Around the turn of the 20th century, Sufi rituals and doctrines also came under sustained criticism from modernist Islamic reformers, liberal nationalists, and, some decades later, socialist movements in the Muslim world. Sufi orders were accused of fostering popular superstitions, resisting modern intellectual attitudes, and standing in the way of progressive reforms. Ideological attacks on Sufism were reinforced by agrarian and educational reforms, as well as new forms of taxation, which were instituted by Westernising national governments, undermining the economic foundations of Sufi orders. The extent to which Sufi orders declined in the first half of the 20th century varied from country to country, but by the middle of the century the very survival of the orders and traditional Sufi lifestyle appeared doubtful to many observers.

However, defying these predictions, Sufism and Sufi orders have continued to play a major role in the Muslim world, also expanding into Muslim-minority countries. Its ability to articulate an inclusive Islamic identity with greater emphasis on personal and small-group piety has made Sufism especially well-suited for contexts characterised by religious pluralism and secularist perspectives.

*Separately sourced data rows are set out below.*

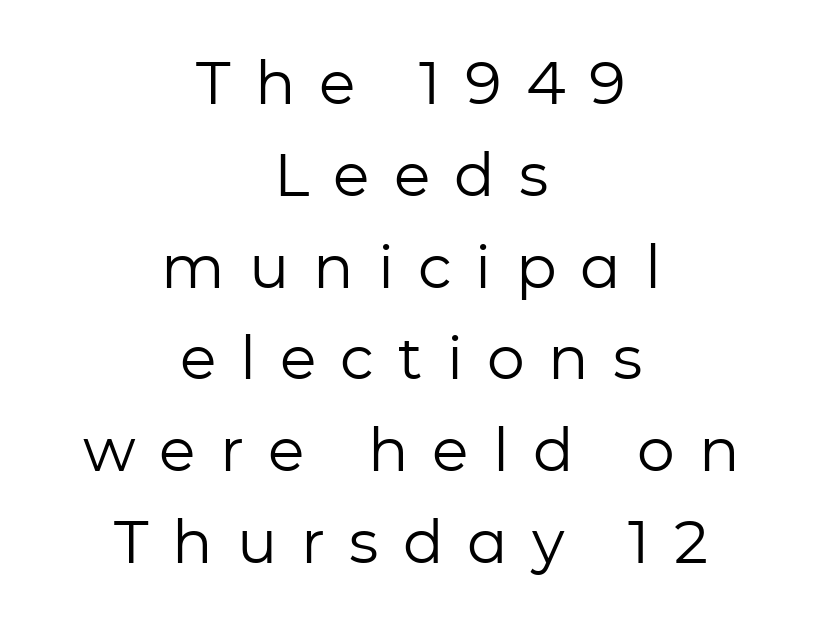
Q: Is the text bold? A: No.
Q: Is the text italic (slanted)? A: No, it is upright.
Q: Is the typeface a serif or a sans-serif typeface? A: Sans-serif.
Q: Is the text underlined? A: No.
Q: How is the paragraph aligned? A: Centered.
Q: Is the spacing between letters normal or unusually wide? A: Unusually wide.
Q: Is the spacing between lines tight, normal or loose? A: Normal.
Q: Width (condensed, normal, or wide)? A: Normal.
Q: Stroke contrast? A: Low.
Q: x-height? A: Medium.
Q: Monospaced? A: No.
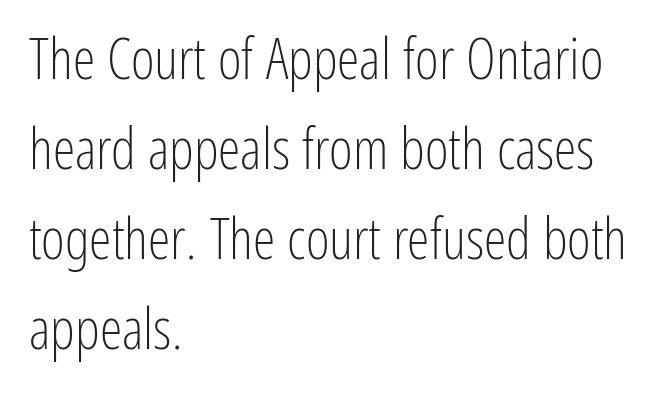
Q: Is the text bold? A: No.
Q: Is the text italic (slanted)? A: No, it is upright.
Q: Is the typeface a serif or a sans-serif typeface? A: Sans-serif.
Q: Is the text underlined? A: No.
Q: How is the paragraph aligned? A: Left-aligned.
Q: Is the spacing between letters normal or unusually wide? A: Normal.
Q: Is the spacing between lines tight, normal or loose? A: Normal.
Q: Width (condensed, normal, or wide)? A: Condensed.
Q: Stroke contrast? A: Low.
Q: x-height? A: Medium.
Q: Monospaced? A: No.
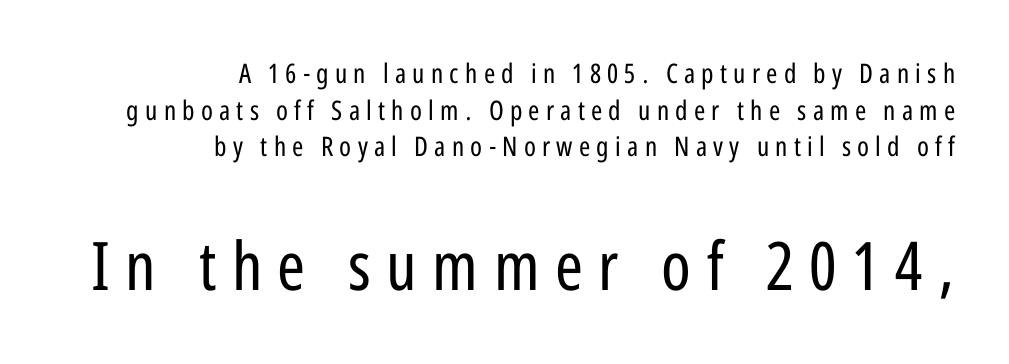
Q: Is the text bold? A: No.
Q: Is the text italic (slanted)? A: No, it is upright.
Q: Is the typeface a serif or a sans-serif typeface? A: Sans-serif.
Q: Is the text underlined? A: No.
Q: How is the paragraph aligned? A: Right-aligned.
Q: Is the spacing between letters normal or unusually wide? A: Unusually wide.
Q: Is the spacing between lines tight, normal or loose? A: Normal.
Q: Which block of text is set in a larger size, the first (top) or the second (bottom)? A: The second (bottom) one.
Q: Width (condensed, normal, or wide)? A: Condensed.
Q: Stroke contrast? A: Low.
Q: x-height? A: Medium.
Q: Monospaced? A: No.
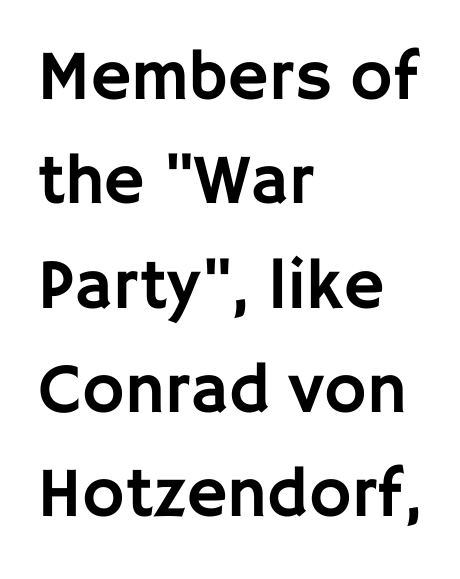
Q: Is the text italic (slanted)? A: No, it is upright.
Q: Is the typeface a serif or a sans-serif typeface? A: Sans-serif.
Q: Is the text underlined? A: No.
Q: How is the paragraph aligned? A: Left-aligned.
Q: Is the spacing between letters normal or unusually wide? A: Normal.
Q: Is the spacing between lines tight, normal or loose? A: Normal.
Q: Width (condensed, normal, or wide)? A: Normal.
Q: Stroke contrast? A: Low.
Q: x-height? A: Large.
Q: Monospaced? A: No.
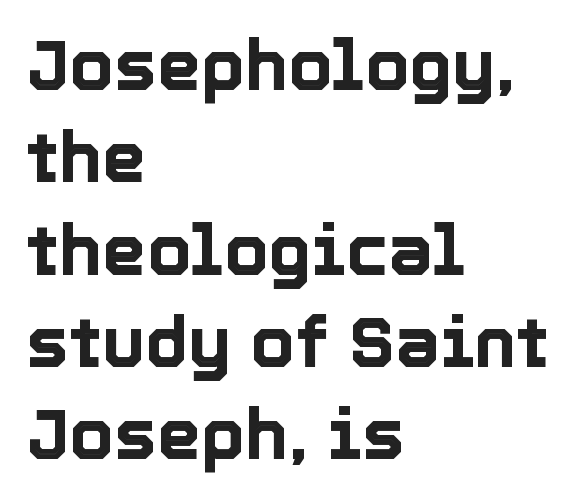
Honestly, there is no underline to notice here at all. Compared with typical body copy, the letter spacing here is the same. These lines are rendered in a variable-pitch font. The rendering anchors every line to the left-hand side. Line spacing here is normal.
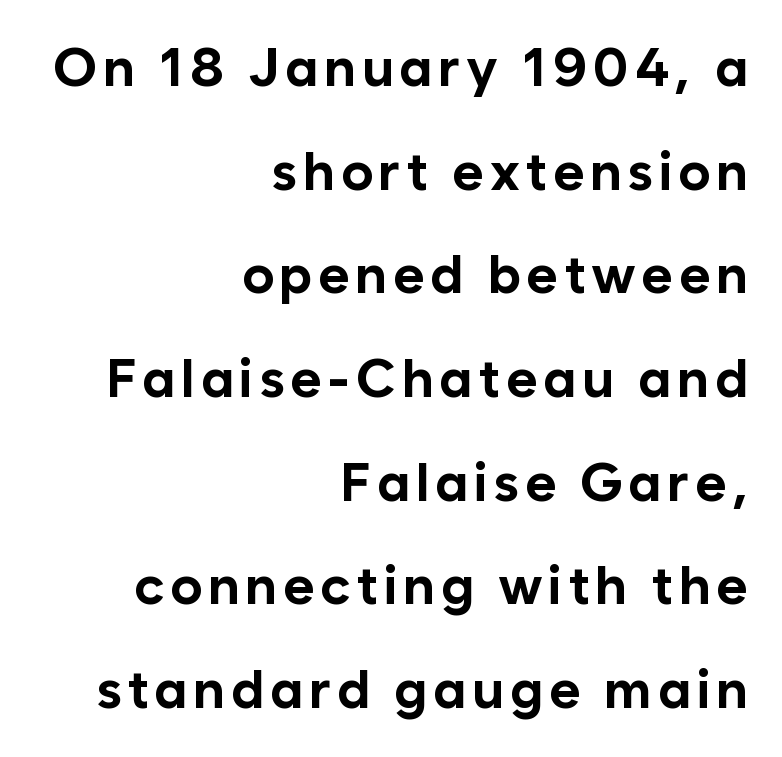
What kind of face is this? One without serifs — a sans. The letters stand upright; this is a roman face. Honestly, the rows look like they've been pulled way apart. These lines stack with their right ends in a neat column. Underline: absent. Heavy, bold letterforms.
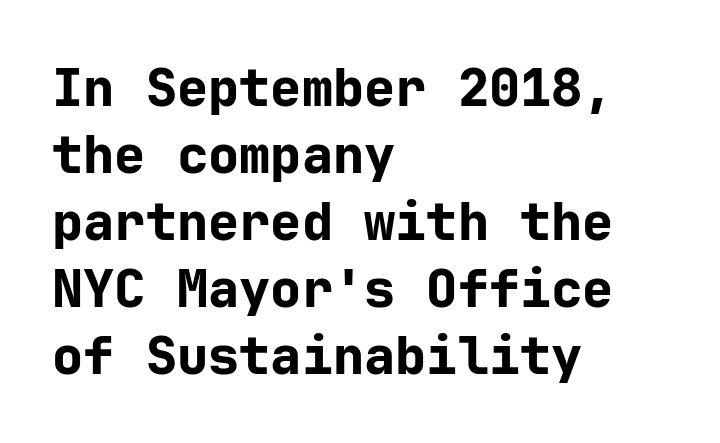
Q: Is the text bold? A: Yes.
Q: Is the text italic (slanted)? A: No, it is upright.
Q: Is the typeface a serif or a sans-serif typeface? A: Sans-serif.
Q: Is the text underlined? A: No.
Q: How is the paragraph aligned? A: Left-aligned.
Q: Is the spacing between letters normal or unusually wide? A: Normal.
Q: Is the spacing between lines tight, normal or loose? A: Normal.
Q: Width (condensed, normal, or wide)? A: Normal.
Q: Stroke contrast? A: Low.
Q: x-height? A: Medium.

In the modern world, the classical interpretation of Sunni orthodoxy, which sees in Sufism an essential dimension of Islam alongside the disciplines of jurisprudence and theology, is represented by institutions such as Egypt's Al-Azhar University and Zaytuna College, with Al-Azhar's current Grand Imam Ahmed el-Tayeb recently defining "Sunni orthodoxy" as being a follower "of any of the four schools of [legal] thought (Hanafi, Shafi’i, Maliki or Hanbali) and ... [also] of the Sufism of Imam Junayd of Baghdad in doctrines, manners and [spiritual] purification."

The relationship of Sufi orders to modern societies is usually defined by their relationship to governments.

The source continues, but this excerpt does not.